[Records excerpted from a collection]
Segment Open

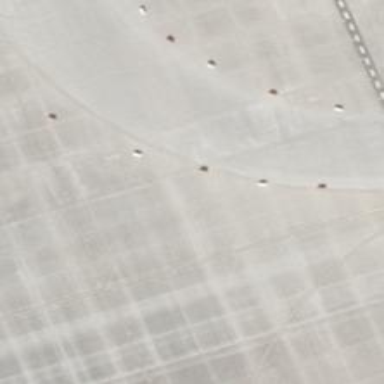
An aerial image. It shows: Concrete taxiway at the airport.
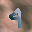
Label: 4
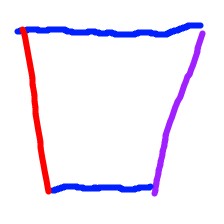
Shape: trapezoid
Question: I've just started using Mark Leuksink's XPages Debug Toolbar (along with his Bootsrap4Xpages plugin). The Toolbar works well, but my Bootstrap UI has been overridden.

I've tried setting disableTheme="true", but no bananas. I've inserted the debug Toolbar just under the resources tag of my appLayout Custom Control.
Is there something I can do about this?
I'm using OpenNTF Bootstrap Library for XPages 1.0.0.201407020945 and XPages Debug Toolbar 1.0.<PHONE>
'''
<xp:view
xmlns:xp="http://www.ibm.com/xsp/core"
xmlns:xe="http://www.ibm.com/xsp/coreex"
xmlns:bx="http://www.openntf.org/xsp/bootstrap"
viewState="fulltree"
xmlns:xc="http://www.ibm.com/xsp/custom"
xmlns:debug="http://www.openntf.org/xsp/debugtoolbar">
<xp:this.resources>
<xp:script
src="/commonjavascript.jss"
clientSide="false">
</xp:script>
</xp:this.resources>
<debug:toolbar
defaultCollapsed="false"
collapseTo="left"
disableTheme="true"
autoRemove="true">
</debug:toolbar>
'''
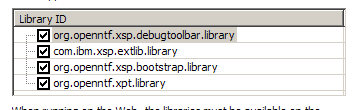
Answer: Ohhh. Duuh. Major Dunce Cap.
Under XSP Properties, Theme defaults, Application theme, the bootstrap theme was no longer correctly inputted.
Per and Oliver, sorry for that!
Feeling sheepish right now.
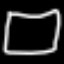
Label: square
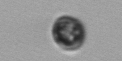
Label: Dinophyceae
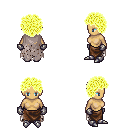
a pixel art fantasy rpg character, female body template, human, tanned skin, gray tattered cape, robe skirt, gold curly afro hairstyle, metal gloves, metal boots, four views (front, back, left, right), 2x2 character sprite sheet, small pixel art, hard edges, no anti-aliasing
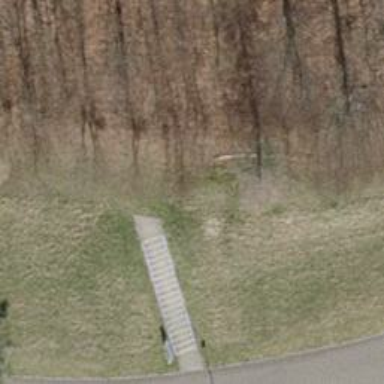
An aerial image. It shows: Grass path.
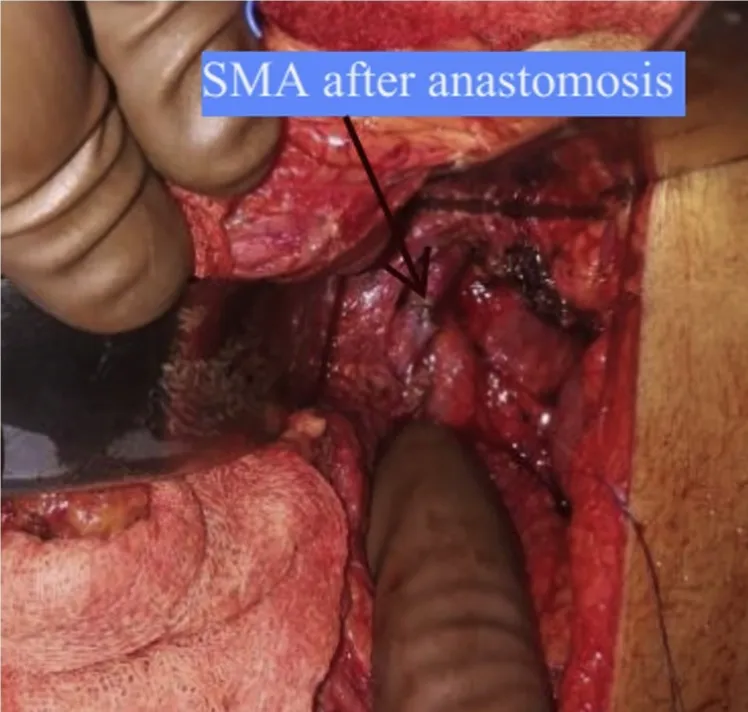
End-to-end anastomosis of superior mesenteric artery.
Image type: medical_photograph (other_medical_photograph)
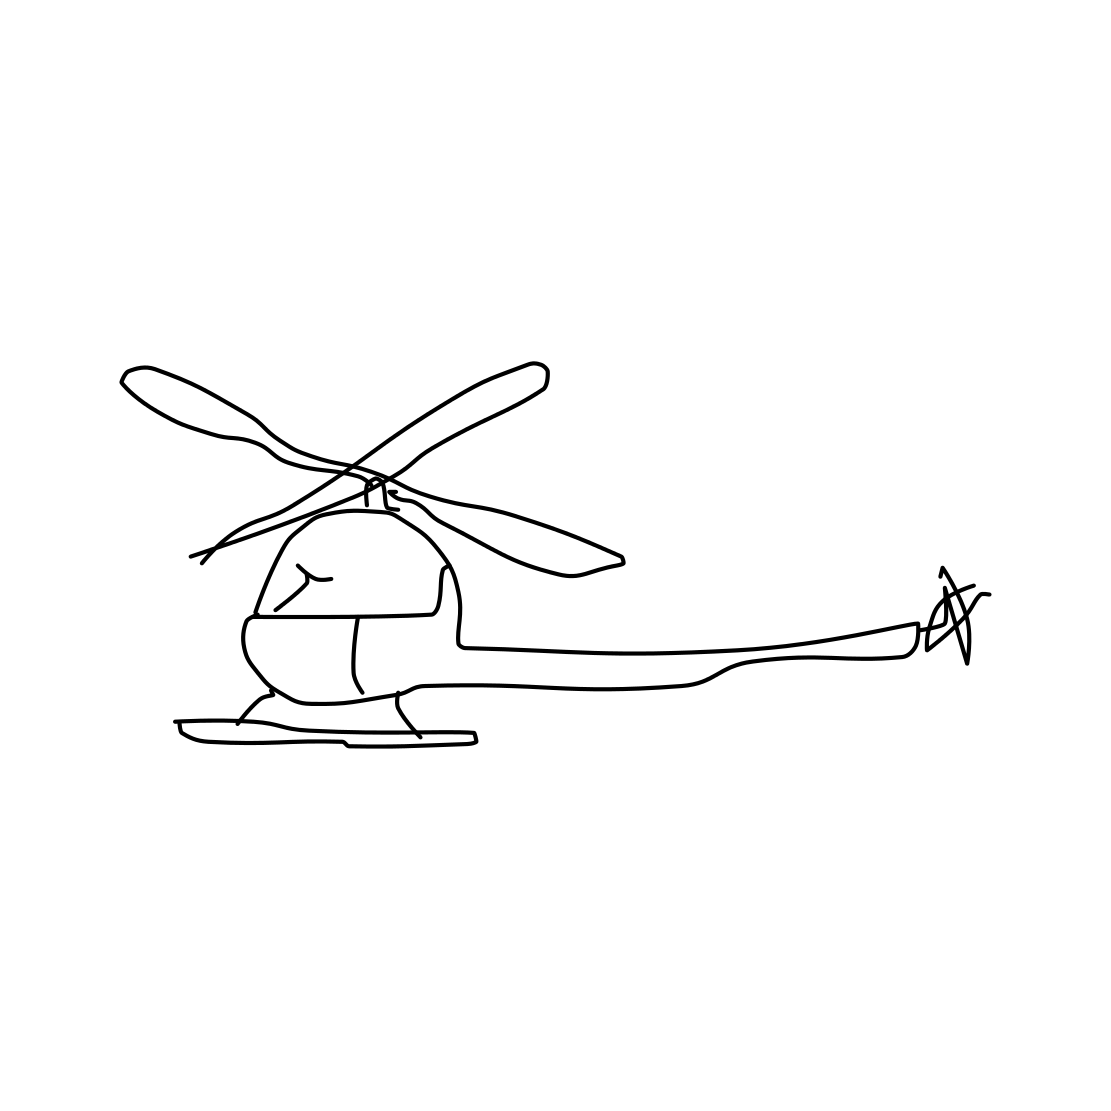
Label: helicopter
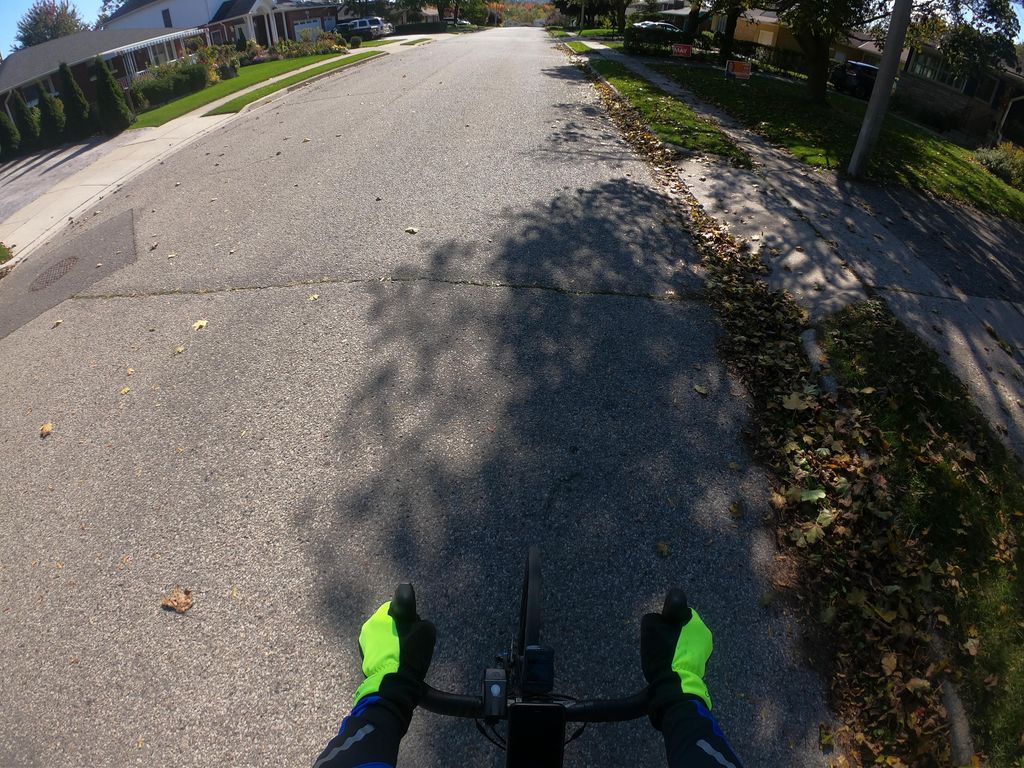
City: kitchener-waterloo
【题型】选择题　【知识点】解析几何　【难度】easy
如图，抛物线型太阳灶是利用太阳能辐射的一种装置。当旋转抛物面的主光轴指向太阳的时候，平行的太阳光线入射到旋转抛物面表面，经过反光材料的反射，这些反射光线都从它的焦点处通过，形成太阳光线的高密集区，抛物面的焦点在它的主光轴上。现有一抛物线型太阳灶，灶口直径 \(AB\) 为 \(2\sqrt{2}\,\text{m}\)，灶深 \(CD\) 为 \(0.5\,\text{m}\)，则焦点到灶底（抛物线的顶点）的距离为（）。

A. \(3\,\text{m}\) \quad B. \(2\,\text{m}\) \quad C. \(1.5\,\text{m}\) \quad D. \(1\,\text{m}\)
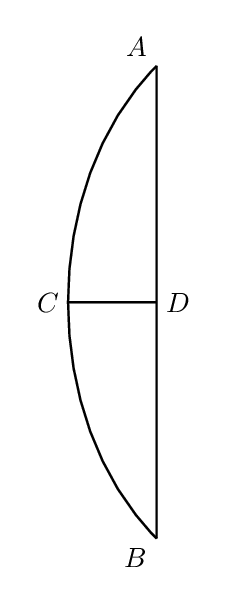
【解答】
【答案】D
【分析】根据 \(A\) 在 \(y^2 = 2px\ (p > 0)\) 可得 \(p = 2\)，即可求解
【详解】
建立如图所示的直角坐标系，设抛物线方程为 \(y^2 = 2px\ (p > 0)\)，
由题意可知点 \(A(0.5, \sqrt{2})\)、\(B(0.5, -\sqrt{2})\) 在抛物线上
故 \(p = 2\)。
因此，焦点到灶底（抛物线的顶点）的距离为 \(\frac{p}{2} = 1\)，
故选：D。

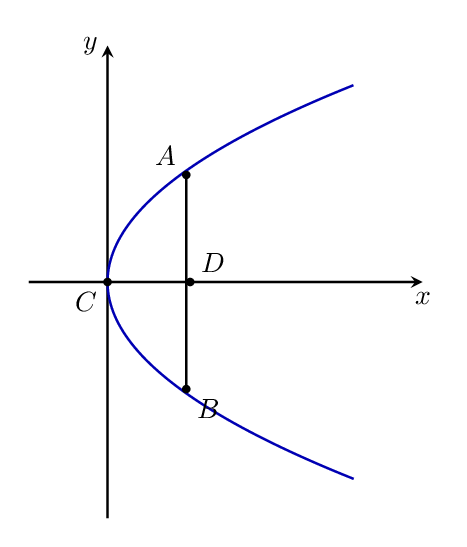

Segment Closed

#### EXERCISE DESCRIPTION:
Look over the records. Copy the lines that include the word "text".

#### RESULT BELOW:
如图，抛物线型太阳灶是利用太阳能辐射的一种装置。当旋转抛物面的主光轴指向太阳的时候，平行的太阳光线入射到旋转抛物面表面，经过反光材料的反射，这些反射光线都从它的焦点处通过，形成太阳光线的高密集区，抛物面的焦点在它的主光轴上。现有一抛物线型太阳灶，灶口直径 \(AB\) 为 \(2\sqrt{2}\,\text{m}\)，灶深 \(CD\) 为 \(0.5\,\text{m}\)，则焦点到灶底（抛物线的顶点）的距离为（）。
A. \(3\,\text{m}\) \quad B. \(2\,\text{m}\) \quad C. \(1.5\,\text{m}\) \quad D. \(1\,\text{m}\)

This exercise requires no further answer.